Tachykinins are also released from urothelial/suburothelial capsaicin-sensitive afferents and are able to stimulate muscle tone and bladder contractions (NKA > NKB > SP), and to influence vascular tone and permeability (“neurogenic inflammation”)[60,61]. Intravenous NK1 and NK2 receptor selective antagonists reduced DO in rat with SCI[61,62]. Perfusion of bladder with a NK1 receptor antagonist improved DO in rats wit cyclophosphamide-induced cystitis[48].

Mixed clinical results have been reported on some compound in this class. Aprepitant (Merck Sharp and Dohme Corp.) is a CNS-penetrating NK-1 antagonist used to treat chemotherapy-induced nausea. A pilot, proof-of-concept randomized controlled trial (RCT) including 125 post-menopausal women with urge or mixed (urge-predominant) incontinence reported satisfactory tolerability and efficacy of aprepitant over placebo in ameliorating OAB symptoms[63]. Serlopitant (MK0594, Merck Sharp and Dohme Corp.) has been evaluated in a RCT and, although it significantly decreased the primary endpoint of daily micturitions, no advantages in efficacy have been found vs tolterodine[64]. Netupitant (by Helsinn Healthcare) is another potent and selective NK1 receptor antagonist that failed to demonstrate superiority over placebo in a phase II trial[65].

VANILLOIDS AND TRANSIENT RECEPTOR POTENTIAL VANILLOIDS-ANTAGONISTS

Several “Transient receptor potential” (TRP) neuroreceptors have been involved in nociception and mechanosensory transduction in various organ systems as well as in storage bladder function and DO, offering the possibility to target bladder dysfunctions at the level of sensory signal initiation (Figure 1)[66].

“Transient receptor potential vanilloids 1” (TRPV1) is the principal transduction channel for nociception. TRPV1 is also found in myelinated Aδ-fibres and sensory unmyelinated C-fibres located in the pelvic nerve afferents and in a sub/intraurothelial plexus; it is sensible to bladder filling, bladder contractions and noxious stimuli[67]. TRPV1 is expressed also by the urothelial cells themselves[67].

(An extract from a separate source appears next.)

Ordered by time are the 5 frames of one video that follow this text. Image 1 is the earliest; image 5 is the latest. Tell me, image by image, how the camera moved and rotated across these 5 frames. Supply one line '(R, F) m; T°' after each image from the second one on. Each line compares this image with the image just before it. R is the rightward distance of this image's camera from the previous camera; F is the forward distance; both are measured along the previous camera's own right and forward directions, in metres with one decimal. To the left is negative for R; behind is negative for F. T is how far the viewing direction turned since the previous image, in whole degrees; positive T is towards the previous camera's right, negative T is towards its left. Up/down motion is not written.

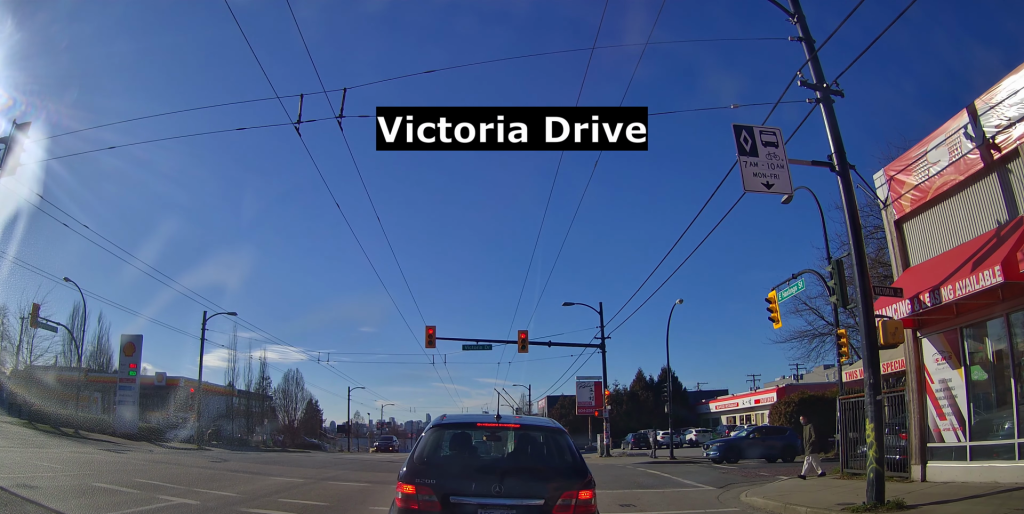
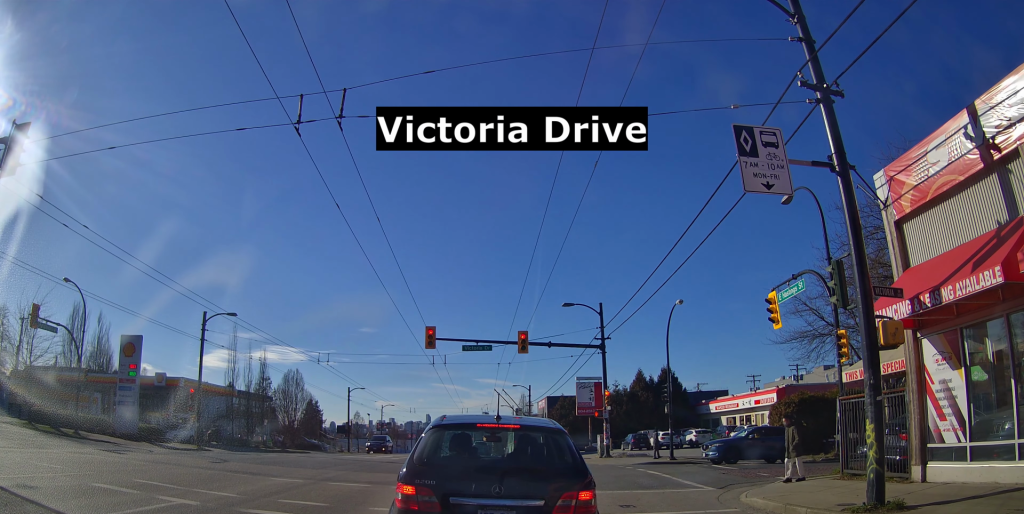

C-fibres are normally silent but have been found to become active and to convey signal to the spinal cord in pathological situation such as OAB, NDO and SCI, resulting in the bothersome sensation of urinary urgency[68].

“Vanilloids” such as capsaicin are the best-known natural TRPV1 agonists and several trials showed that, given intravesically, they could cause a sustained activation of the TRPV1 receptor resulting in a desensitization of C-fibers with beneficial effects in patients with neurogenic or idiopathic DO, but at the cost of nonnegligible side-effects[69,70]. Resiniferatoxin is at least as effective as capsaicin, without the local side-effects although formal RCTs are needed to determine its appropriate use and dosage[71,72].

Potent orally-available small-molecule TRPV1 antagonists are undergoing clinical trials for chronic pain, but the lack of bladder-selectivity and potential effects on thermoregulation may be serious barriers for the clinical development[73,74]. XEN-D0501 (Provesica Ltd.) is a highly potent oral TRPV1 antagonist that was found to improve storage bladder function and reduce the intensity of capsaicin-induced bladder contractions in animal models; a phase I study reported a satisfactory tolerability and safety[75]. XEN-D0501 is currently being assessed for efficacy in OAB in an international phase II dose-ranging trial. JTS-653 (Japan Tobacco), MCP-101 (Mt. Cook Pharma) and SAF312 (Novartis Pharmaceuticals)[76], are other compounds in this class under investigation for the treatment of NDO.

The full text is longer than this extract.